Find $\lambda\in\mathbb{R}$ such that $y=e^x$ and $y=\lambda x^2$ touch.

Question

Find $\lambda\in\mathbb{R}$ such that $y=e^x$ and $y=\lambda x^2$ touch.

I'm just a beginner on derivatives, and I guess it should be done using them, but I'm totally stuck. (I guess it's not "touch" in English but oh well.)

Answer 1

Let me translate this problem:

You want to find a $\lambda \in \mathbb{R}$ so that there exists a point $a\in \mathbb{R}$ with the property:

$f(a)=g(a)$ (the curves intersect) and $f'(a)=g'(a)$ (their tangents are parallel match exactly) where $f(x)=e^x$ and $g(x)=\lambda x^2$. Can you do this?

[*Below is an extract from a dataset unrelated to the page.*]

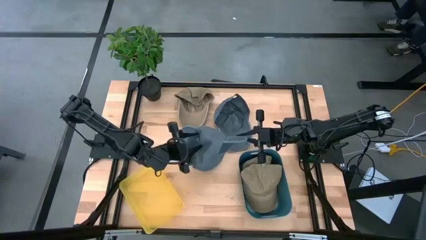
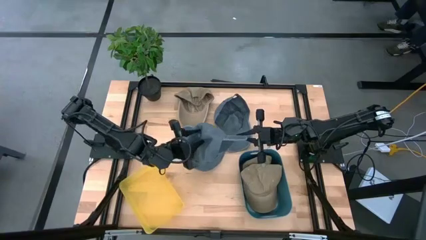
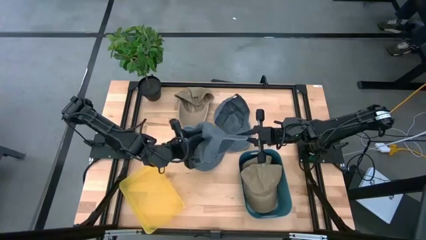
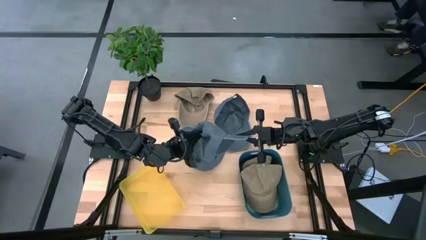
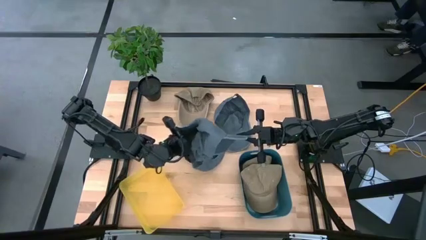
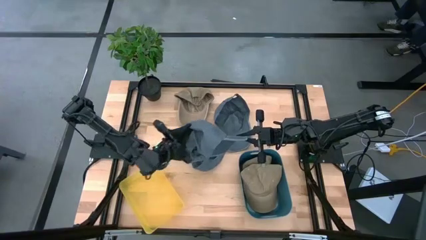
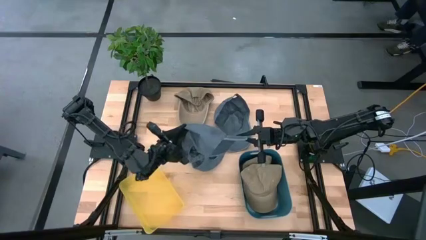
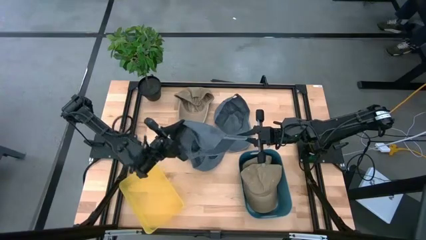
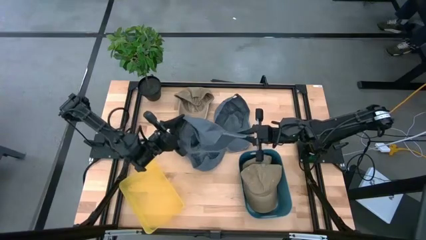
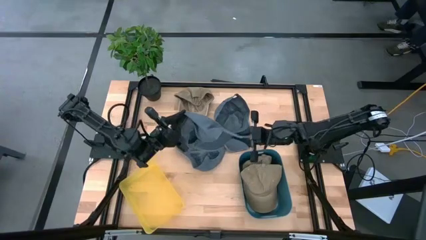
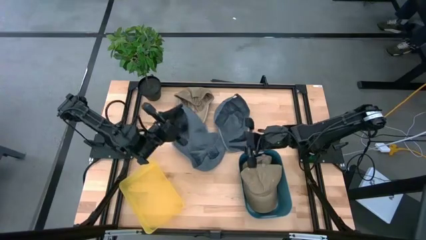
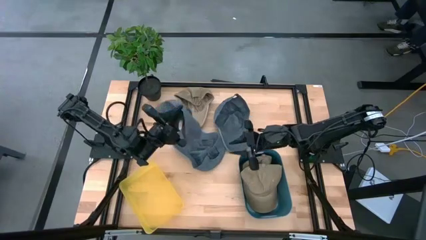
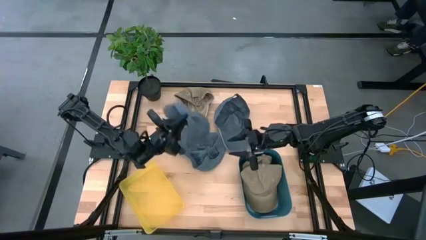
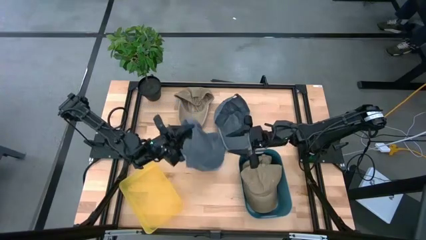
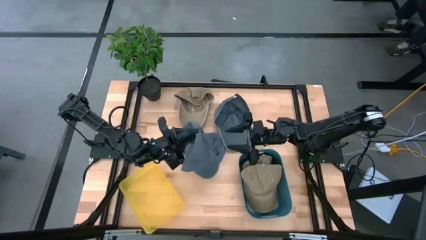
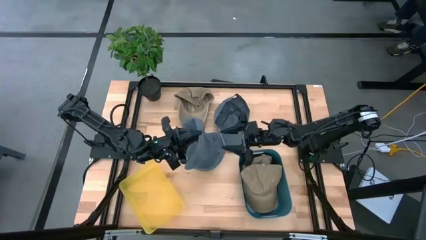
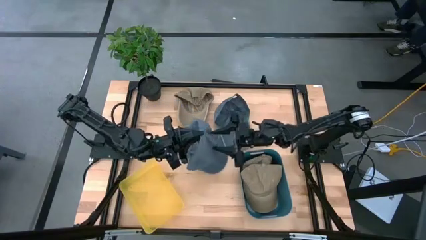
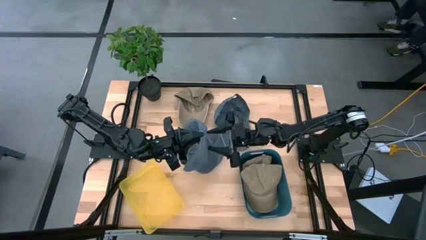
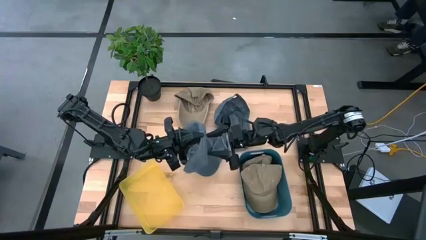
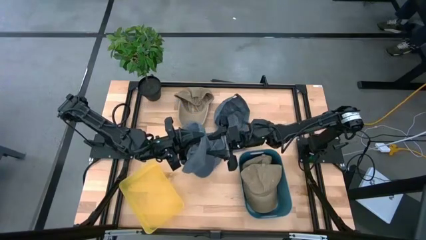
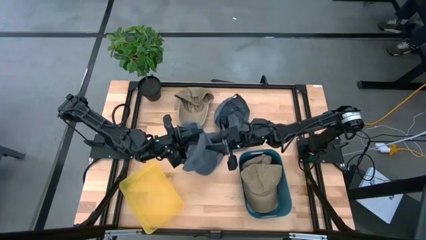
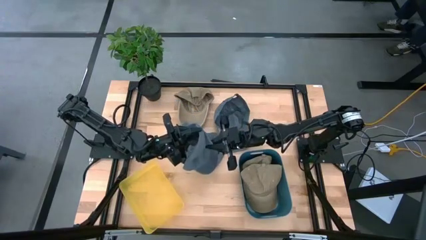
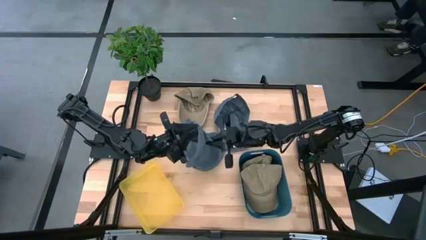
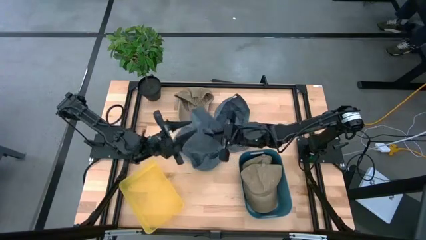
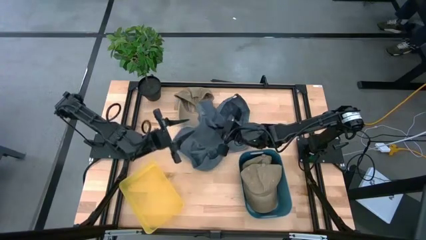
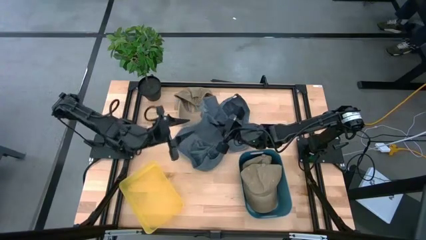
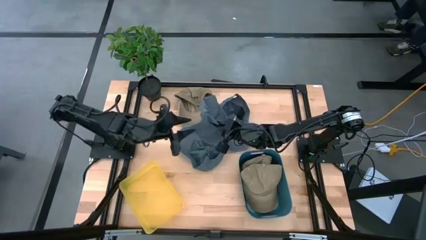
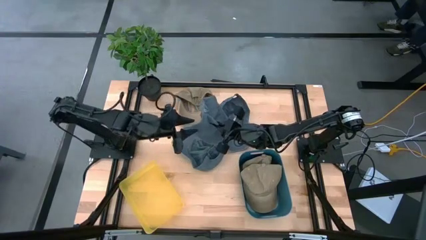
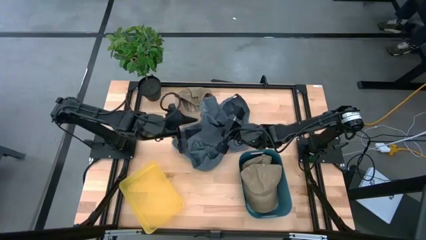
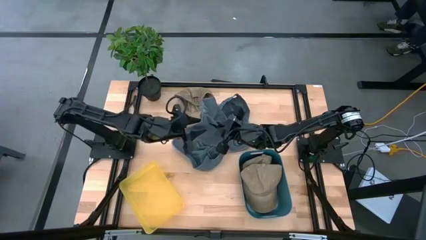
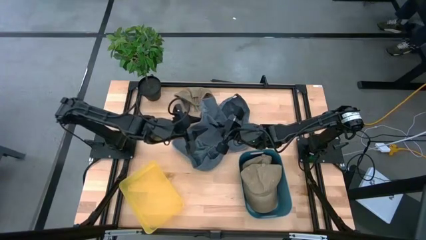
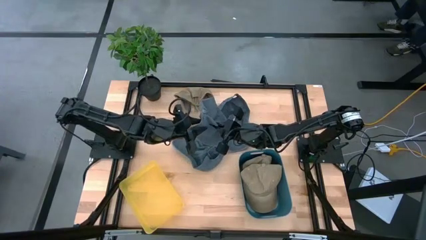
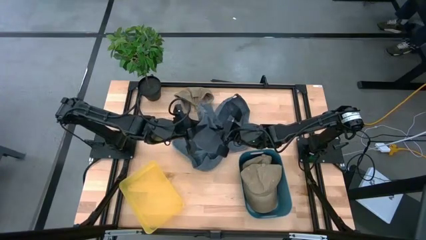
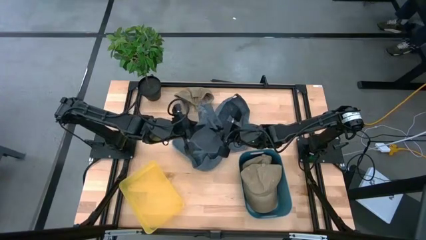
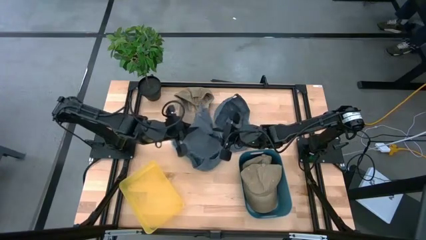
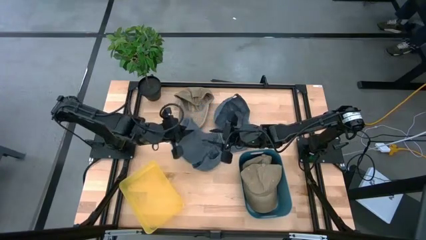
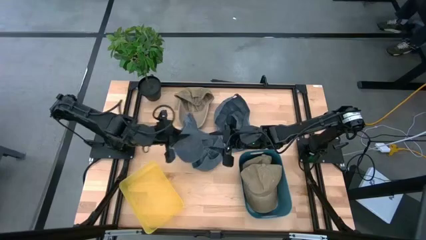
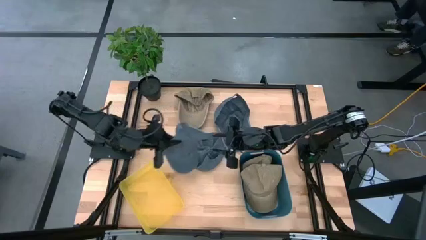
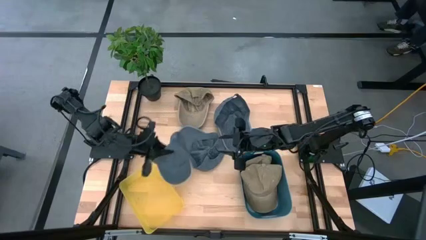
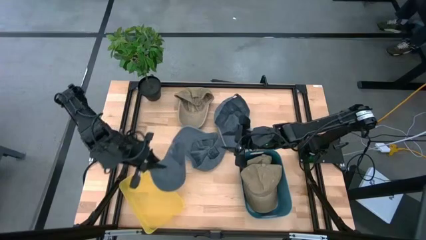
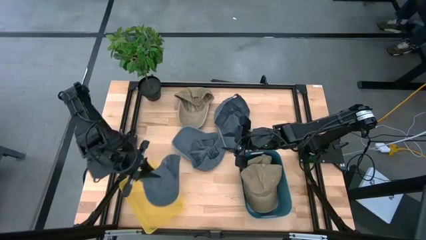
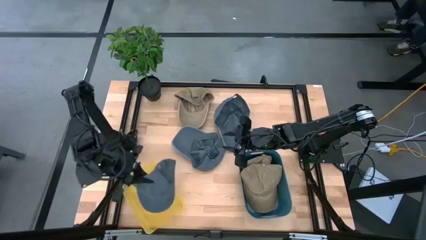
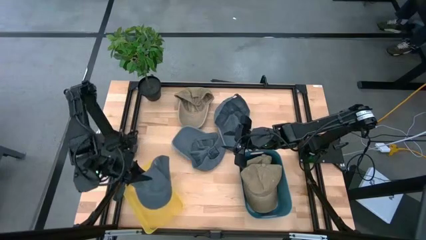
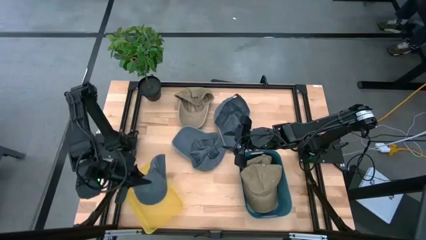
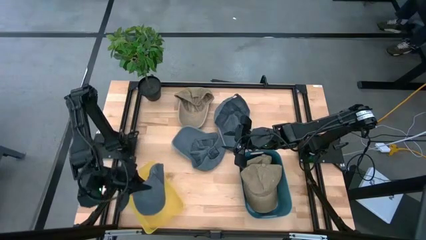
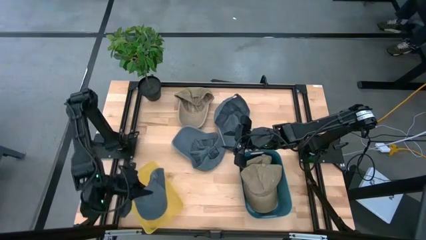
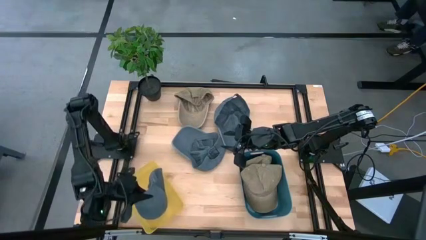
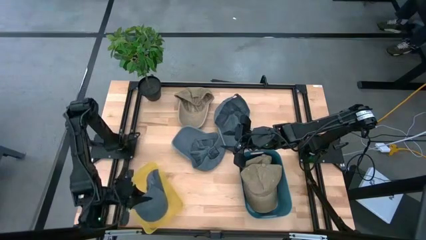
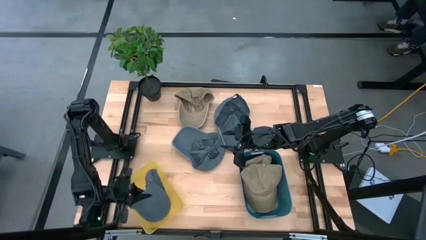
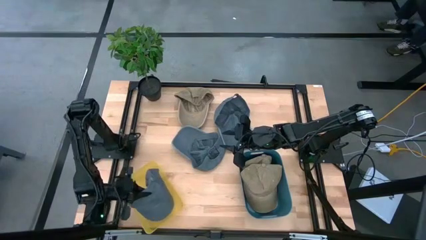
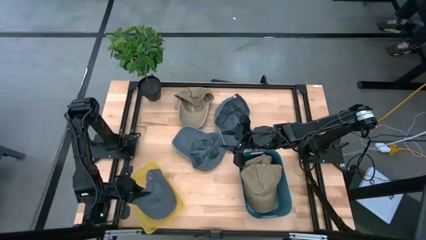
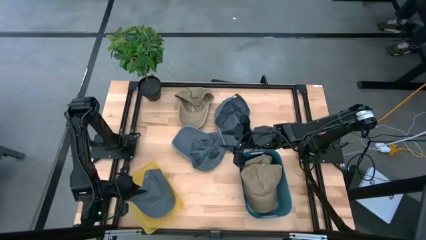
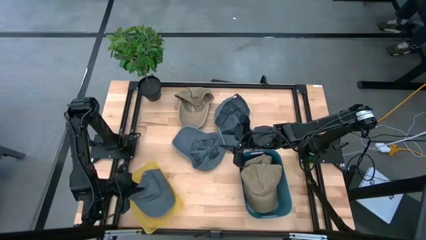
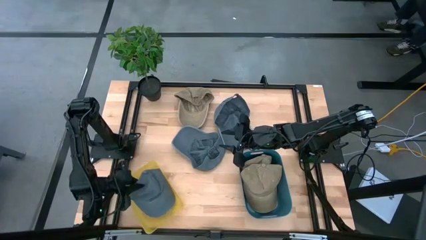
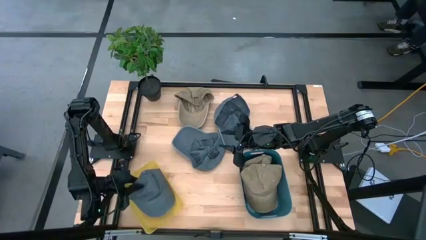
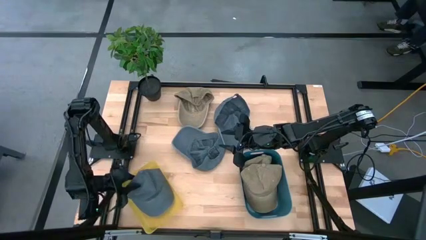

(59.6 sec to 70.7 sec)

Hint: $f'(x)=e^x=f(x)$ which means you want $g'(a)=g(a)$. Solve this for $\lambda,a$ and check it against the condition $f(a)=g(a)$

Answer 2

Let $f(x)=e^x$ and $g(x)=\lambda x^2$. Then $f(x)$ and $g(x)$ are tangent if, at some point $x_0$:

$$f(x_0)=g(x_0)$$

(the curves meet) and:

$$f'(x_0)=g'(x_0)$$

(the curves have the same slope where they meet.)

What is $f'(x)$? What is $g'(x)$? This gives you two equations in two variables, $x_0$ and $\lambda$. Solve for $x_0$ first, and then solve for $\lambda$.

Answer 3

$y=e^{x}$ and $y=\lambda x^{2}$ are tangent at $x_{0}$ iff the curves and their derivatives are equal at $x_{0}$.

Thus, $e^{x_{0}}=\lambda x_{0}^{2}$ and $e^{x_{0}}=2\lambda x_{0}$. Therefore, $\lambda x_{0}^{2}=2\lambda x_{0} \implies x_{0}=2$. Substituting gives $\lambda=e^{2}/4$.
You can see this using graphing software.